I've been calling it the yard, though in my brief European forays I do not seem to have noticed that anybody in particular seems to think of it as their yard. When I was in Prague I didn't visit any apartments in a block like that, I just passed by them, and I could rarely see through the passageways into the (yards).  The passageways clearly went right through the buildings to the back, but they were usually closed off by gates.  The few yards I could see looked kind of underutilized: not landscaped, but not full of either stuff people were using or garbage either.  I saw a couple of trees, but they looked like weed trees. 
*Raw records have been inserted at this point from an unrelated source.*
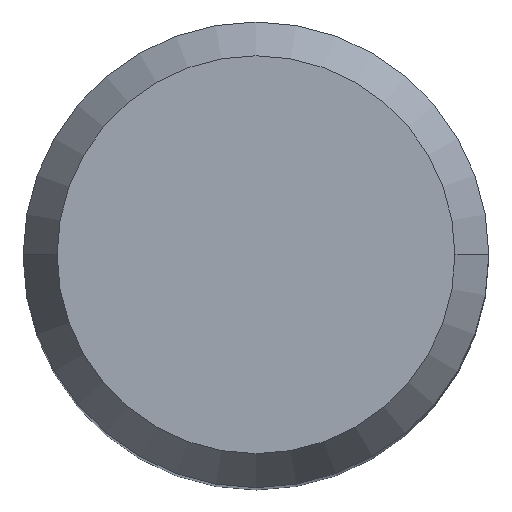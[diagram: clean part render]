
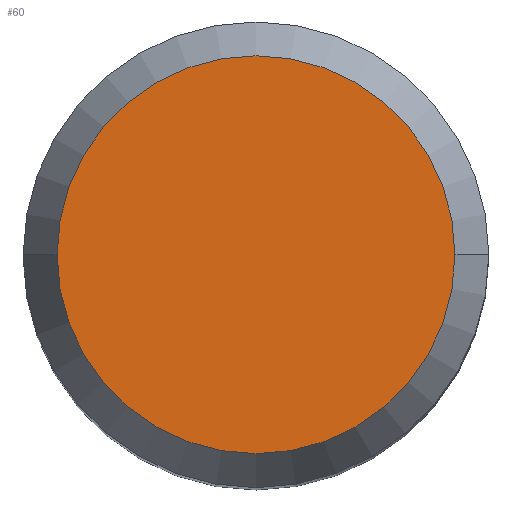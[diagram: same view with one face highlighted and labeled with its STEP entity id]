
A CAD part, top view. The second image highlights one B-rep face of the part: STEP entity #60.
In plain terms, the highlighted planar face has unit normal (0, 0, 1).
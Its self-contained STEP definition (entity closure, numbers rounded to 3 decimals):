
#47=PLANE('',#378);
#60=ADVANCED_FACE('',(#85),#47,.T.);
#85=FACE_OUTER_BOUND('',#104,.T.);
#104=EDGE_LOOP('',(#156,#157));
#122=CIRCLE('',#376,6.783);
#123=CIRCLE('',#377,6.783);
#156=ORIENTED_EDGE('',*,*,#235,.T.);
#157=ORIENTED_EDGE('',*,*,#236,.T.);
#213=VERTEX_POINT('',#554);
#214=VERTEX_POINT('',#555);
#235=EDGE_CURVE('',#213,#214,#122,.T.);
#236=EDGE_CURVE('',#214,#213,#123,.T.);
#376=AXIS2_PLACEMENT_3D('',#553,#450,#451);
#377=AXIS2_PLACEMENT_3D('',#556,#452,#453);
#378=AXIS2_PLACEMENT_3D('',#557,#454,#455);
#450=DIRECTION('',(0.,0.,1.));
#451=DIRECTION('',(-1.,0.,0.));
#452=DIRECTION('',(0.,0.,1.));
#453=DIRECTION('',(1.,0.,0.));
#454=DIRECTION('',(0.,0.,1.));
#455=DIRECTION('',(-1.,0.,0.));
#553=CARTESIAN_POINT('',(0.,0.,24.5));
#554=CARTESIAN_POINT('',(-6.783,0.,24.5));
#555=CARTESIAN_POINT('',(6.783,0.,24.5));
#556=CARTESIAN_POINT('',(0.,0.,24.5));
#557=CARTESIAN_POINT('',(0.,0.,24.5));
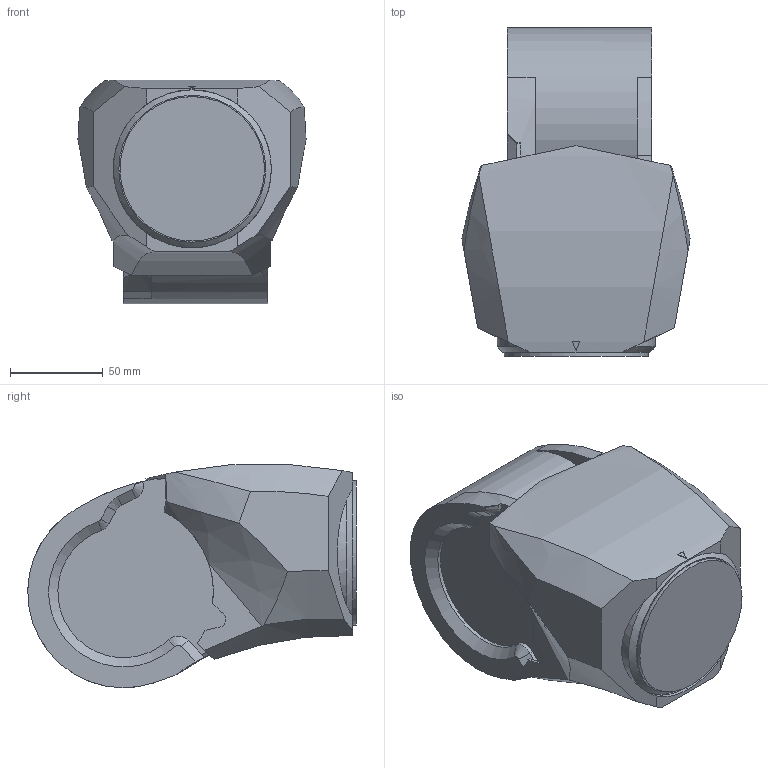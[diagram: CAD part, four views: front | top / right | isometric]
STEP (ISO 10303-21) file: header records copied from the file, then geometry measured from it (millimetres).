
FILE_DESCRIPTION(/* description */ (''),/* implementation_level */ '2;1');
FILE_NAME(/* name */ 'Z_1_ipt_97491d4c.STEP',/* time_stamp */ '2023-04-04T17:35:04+02:00',/* author */ ('AdminForWorker'),/* organization */ (''),/* preprocessor_version */ 'ST-DEVELOPER v18.1',/* originating_system */ 'Autodesk Inventor 2021',/* authorisation */ '');
FILE_SCHEMA (('AUTOMOTIVE_DESIGN { 1 0 10303 214 3 1 1 }'));
Length unit declared in the file: millimetre
Products named in the file (1): Z_1
Bounding box: 123.24 x 177.38 x 120.72 mm (x, y, z)
Volume: 1116061.1 mm3; surface area: 148607.3 mm2
Topology: 1 solids, 1 shells, 145 faces, 448 edges, 293 vertices
Faces by surface type: plane 78, cylinder 37, bspline 19, cone 11
Full cylindrical faces by diameter (mm): 78 x2, 78.07 x1, 85.346 x1
Entity records: 6701 total; most frequent: CARTESIAN_POINT 2748, ORIENTED_EDGE 896, DIRECTION 760, EDGE_CURVE 448, VERTEX_POINT 293, AXIS2_PLACEMENT_3D 290, LINE 180, VECTOR 180
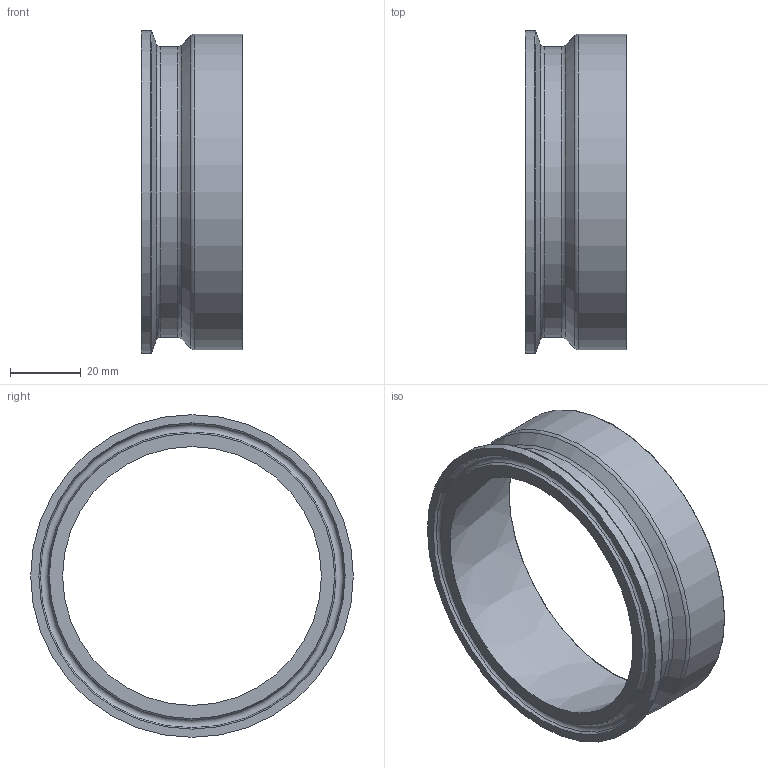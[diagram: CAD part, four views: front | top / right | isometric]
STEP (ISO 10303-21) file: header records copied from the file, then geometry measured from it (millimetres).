
FILE_DESCRIPTION(/* description */ (''),/* implementation_level */ '2;1');
FILE_NAME(/* name */ '19MPX-3.stp',/* time_stamp */ '2020-05-27T15:30:54-04:00',/* author */ ('rick'),/* organization */ (''),/* preprocessor_version */ 'ST-DEVELOPER v15.2',/* originating_system */ 'Autodesk Inventor 2014',/* authorisation */ '');
FILE_SCHEMA (('AUTOMOTIVE_DESIGN { 1 0 10303 214 3 1 1 }'));
Length unit declared in the file: inch
Products named in the file (1): 19MPX-3
Bounding box: 28.57 x 90.91 x 90.91 mm (x, y, z)
Volume: 32897.4 mm3; surface area: 19610.6 mm2
Topology: 1 solids, 1 shells, 18 faces, 33 edges, 18 vertices
Faces by surface type: torus 7, cone 5, cylinder 3, plane 3
Full cylindrical faces by diameter (mm): 81.89 x1, 88.9 x1, 90.907 x1
Entity records: 394 total; most frequent: DIRECTION 74, CARTESIAN_POINT 55, AXIS2_PLACEMENT_3D 37, EDGE_LOOP 36, ORIENTED_EDGE 36, FACE_BOUND 18, FACE_OUTER_BOUND 18, CIRCLE 18

For that matter, what do you call a block like that?  Sometimes it looks like the whole thing is one thing, other times they are obviously not.  And what do you call those passageways?

I did get to visit a very pleasant Soviet-era apartment building (panalok), and an apartment carved out of a neo-baroque former film studio, and a dormitory(kolej) in  a former Soviet-era motel.  So I have seen what some of the cheap housing in Prague looks like, but not all of it.

On another front, I had my last physical therapy of this run (and no doubt I will have more of them in the future), and while I took today off work as a preemptive move, I did not stay up all night with pain after the deep tissue massage.  Rather, I woke up now and then to a highly annoying but by no means unbearable single point of pain.  Win!